I did perform “Moonlight Sonata” my senior year of high school; not in a free skate performance, but for my senior piano recital. I had been playing piano since the first grade. I had memorized pieces of Bach and Beethoven in the past, but “Moonlight Sonata” was my last. I memorized the music, practiced until I felt secure in the music, and set out for my performance. I am not one for audiences. I tried to calm my nerves. The piano faced the wall. I was staring in white. I started to play with shaking hands. ¬†“Moonlight Sonata ” is not a fast tempo music. It is a slow tempo…deep emotions. I let my mind wander for a split second in which I lost my concentration. My mind went as blank and white as the wall I faced.

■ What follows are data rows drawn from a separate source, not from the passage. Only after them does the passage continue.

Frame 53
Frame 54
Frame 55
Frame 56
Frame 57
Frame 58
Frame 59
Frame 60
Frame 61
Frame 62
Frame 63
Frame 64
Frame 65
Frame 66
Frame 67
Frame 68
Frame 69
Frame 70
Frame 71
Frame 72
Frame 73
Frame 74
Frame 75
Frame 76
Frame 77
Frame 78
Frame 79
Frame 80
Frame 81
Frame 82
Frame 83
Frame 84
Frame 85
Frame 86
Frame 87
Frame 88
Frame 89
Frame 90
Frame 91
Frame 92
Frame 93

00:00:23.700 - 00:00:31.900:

I stop and turn to the audience. “I need to start over.” I get nice reassuring smiles. By now I cannot get my mind and thoughts to relax. I restart the piece, but struggle in mid-way…again my mind goes blank. I feel a flush flow to my face turning my cheeks red and stinging tears about to drop from my eyes. To avoid crying on stage, I simply get up from the bench, take a slight bow, and return to my seat. My dad whispers, “Don’t cry. They are going to take group pictures,” and gently puts his arm around my shoulders. Too late. Tears abound. No one mentioned my performance. People understood. But I held it against myself: I didn’t finish.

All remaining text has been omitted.